Mom called Sunday. We talked while she was putting up tomatoes from the garden. She is sixty-something and gardening like she is forty.
Ryan came home from work. Dinner was on the stove. The basics held.
Ryan came home tired Wednesday. He showered, ate, sat on the couch, was asleep by eight. Standard for a Marine who has been up since four-thirty for PT and stayed late for a brief. The schedule is the schedule. The body adapts because it has to.
Dad called. He has been gardening. He is sending zucchini updates again. The PTSD is managed. He talks more than he used to. He is becoming his own version of healed, which I did not think was possible at fourteen.
Caleb watched the firefighters at a school visit Wednesday and came home buzzing. He is going to be one. I have known this since he was four. Some kids tell you who they are early.
Hazel and I had a hard moment Tuesday at homework time. She is in a season of testing limits. We worked through it. We always do. She is mine.

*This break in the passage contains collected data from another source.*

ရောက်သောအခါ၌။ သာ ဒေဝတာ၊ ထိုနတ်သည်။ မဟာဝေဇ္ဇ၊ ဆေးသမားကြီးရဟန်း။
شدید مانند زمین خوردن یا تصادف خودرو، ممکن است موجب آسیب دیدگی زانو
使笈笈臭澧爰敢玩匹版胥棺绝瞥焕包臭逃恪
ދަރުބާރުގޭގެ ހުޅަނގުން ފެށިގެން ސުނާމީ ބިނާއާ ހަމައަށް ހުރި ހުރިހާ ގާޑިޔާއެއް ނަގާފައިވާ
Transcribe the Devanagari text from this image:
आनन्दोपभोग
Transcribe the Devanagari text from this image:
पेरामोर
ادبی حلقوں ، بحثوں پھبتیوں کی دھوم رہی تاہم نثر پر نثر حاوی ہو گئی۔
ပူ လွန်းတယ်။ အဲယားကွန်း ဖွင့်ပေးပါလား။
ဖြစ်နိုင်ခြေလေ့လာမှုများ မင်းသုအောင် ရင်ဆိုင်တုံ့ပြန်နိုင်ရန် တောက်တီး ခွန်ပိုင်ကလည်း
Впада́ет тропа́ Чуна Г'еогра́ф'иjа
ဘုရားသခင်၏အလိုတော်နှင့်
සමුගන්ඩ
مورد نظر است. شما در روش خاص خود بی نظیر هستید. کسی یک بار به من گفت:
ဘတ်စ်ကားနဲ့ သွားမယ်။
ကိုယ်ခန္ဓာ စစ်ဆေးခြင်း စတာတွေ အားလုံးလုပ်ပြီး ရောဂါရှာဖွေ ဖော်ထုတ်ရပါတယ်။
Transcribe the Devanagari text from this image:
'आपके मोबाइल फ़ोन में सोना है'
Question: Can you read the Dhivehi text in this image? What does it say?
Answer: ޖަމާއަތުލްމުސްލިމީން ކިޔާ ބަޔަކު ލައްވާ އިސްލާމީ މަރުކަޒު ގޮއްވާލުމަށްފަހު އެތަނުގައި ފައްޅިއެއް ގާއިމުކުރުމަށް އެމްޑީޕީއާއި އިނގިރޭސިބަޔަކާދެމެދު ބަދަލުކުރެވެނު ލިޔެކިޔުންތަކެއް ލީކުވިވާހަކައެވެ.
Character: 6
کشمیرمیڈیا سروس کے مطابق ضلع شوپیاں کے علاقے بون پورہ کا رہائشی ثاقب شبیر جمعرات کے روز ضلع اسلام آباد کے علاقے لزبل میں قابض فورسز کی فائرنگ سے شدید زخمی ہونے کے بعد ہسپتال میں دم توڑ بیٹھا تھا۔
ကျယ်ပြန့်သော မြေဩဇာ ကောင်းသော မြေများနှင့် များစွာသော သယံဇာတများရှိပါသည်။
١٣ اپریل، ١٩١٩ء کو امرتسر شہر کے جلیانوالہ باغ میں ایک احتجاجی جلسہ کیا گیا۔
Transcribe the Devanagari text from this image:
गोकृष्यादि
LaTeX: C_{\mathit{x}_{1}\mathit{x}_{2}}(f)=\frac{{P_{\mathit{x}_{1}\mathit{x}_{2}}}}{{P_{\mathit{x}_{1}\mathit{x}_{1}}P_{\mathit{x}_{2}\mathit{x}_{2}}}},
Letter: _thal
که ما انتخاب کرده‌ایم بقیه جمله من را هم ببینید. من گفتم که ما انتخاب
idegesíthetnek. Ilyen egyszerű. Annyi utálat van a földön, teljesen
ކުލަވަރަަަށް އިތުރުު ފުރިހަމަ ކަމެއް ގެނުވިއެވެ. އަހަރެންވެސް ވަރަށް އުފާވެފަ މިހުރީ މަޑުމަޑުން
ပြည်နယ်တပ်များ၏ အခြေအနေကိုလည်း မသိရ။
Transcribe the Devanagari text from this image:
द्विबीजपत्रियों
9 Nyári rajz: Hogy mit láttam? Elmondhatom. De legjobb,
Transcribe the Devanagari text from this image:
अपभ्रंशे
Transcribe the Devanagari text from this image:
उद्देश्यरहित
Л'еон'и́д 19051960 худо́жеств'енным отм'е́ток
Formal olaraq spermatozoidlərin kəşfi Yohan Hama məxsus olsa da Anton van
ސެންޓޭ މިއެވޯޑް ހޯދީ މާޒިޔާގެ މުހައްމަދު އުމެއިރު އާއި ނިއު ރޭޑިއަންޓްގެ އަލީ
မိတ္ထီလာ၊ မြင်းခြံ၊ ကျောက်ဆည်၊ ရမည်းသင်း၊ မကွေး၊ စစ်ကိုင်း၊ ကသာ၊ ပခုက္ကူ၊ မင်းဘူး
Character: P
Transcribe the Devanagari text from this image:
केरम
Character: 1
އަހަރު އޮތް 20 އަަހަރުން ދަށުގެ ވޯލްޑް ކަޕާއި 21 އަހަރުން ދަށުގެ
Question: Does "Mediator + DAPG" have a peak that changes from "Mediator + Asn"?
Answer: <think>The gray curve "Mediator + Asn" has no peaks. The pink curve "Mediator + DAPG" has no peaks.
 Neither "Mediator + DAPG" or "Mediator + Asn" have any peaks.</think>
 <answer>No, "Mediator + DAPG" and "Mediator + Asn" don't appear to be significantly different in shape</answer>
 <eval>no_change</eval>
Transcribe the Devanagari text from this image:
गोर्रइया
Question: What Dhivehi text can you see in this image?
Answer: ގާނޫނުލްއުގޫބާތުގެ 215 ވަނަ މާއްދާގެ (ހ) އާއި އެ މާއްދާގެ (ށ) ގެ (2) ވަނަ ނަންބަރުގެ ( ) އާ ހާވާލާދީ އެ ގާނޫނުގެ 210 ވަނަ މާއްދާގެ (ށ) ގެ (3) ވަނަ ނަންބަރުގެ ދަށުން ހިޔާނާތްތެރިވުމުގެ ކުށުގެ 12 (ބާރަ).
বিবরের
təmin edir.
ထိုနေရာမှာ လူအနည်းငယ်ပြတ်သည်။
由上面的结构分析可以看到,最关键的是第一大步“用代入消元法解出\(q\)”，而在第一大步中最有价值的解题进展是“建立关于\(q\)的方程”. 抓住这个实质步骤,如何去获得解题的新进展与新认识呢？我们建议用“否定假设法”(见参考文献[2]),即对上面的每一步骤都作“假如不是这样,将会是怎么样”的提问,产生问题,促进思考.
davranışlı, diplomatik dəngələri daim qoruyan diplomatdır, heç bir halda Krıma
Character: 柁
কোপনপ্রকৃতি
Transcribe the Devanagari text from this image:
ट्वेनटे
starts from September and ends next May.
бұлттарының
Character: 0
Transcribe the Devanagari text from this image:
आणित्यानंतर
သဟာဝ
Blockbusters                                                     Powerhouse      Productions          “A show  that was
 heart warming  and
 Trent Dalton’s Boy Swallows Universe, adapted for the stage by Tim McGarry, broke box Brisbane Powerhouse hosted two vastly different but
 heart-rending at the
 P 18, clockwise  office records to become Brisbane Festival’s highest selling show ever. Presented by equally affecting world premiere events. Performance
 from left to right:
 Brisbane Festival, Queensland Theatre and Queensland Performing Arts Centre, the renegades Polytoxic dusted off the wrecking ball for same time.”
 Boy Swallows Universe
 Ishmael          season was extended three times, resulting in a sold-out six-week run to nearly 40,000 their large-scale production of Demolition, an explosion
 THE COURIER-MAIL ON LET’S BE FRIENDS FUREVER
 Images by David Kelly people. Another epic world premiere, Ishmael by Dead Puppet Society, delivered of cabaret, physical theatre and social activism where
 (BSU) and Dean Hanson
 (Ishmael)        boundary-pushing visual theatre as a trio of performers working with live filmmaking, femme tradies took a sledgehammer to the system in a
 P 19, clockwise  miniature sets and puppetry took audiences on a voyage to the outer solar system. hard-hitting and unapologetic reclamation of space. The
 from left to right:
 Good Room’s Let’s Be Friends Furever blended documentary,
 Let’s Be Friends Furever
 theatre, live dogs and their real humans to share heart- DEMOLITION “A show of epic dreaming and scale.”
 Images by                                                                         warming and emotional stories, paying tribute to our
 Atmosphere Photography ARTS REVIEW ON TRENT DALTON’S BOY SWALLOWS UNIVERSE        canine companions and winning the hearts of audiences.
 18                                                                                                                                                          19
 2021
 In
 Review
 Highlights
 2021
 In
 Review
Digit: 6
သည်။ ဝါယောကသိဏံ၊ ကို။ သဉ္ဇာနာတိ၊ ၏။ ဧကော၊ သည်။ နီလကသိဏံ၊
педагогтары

I read the blog comments at the kitchen table with my coffee. A young spouse in Lejeune emailed me about deployment cooking. I wrote her back at length. I told her about the freezer. I told her about Donna. I told her she would survive. I sent her three of Donna's recipes.
The kitchen counter has a chip in it from someone before us. Some military housing thing. I have stopped asking what. The chip is fine. The whole kitchen is provisional. We are renting from Uncle Sam.
Base housing is base housing. Beige walls, beige carpet, beige expectations. The dryer venting is in a stupid place. The kitchen has no dishwasher. We make it work.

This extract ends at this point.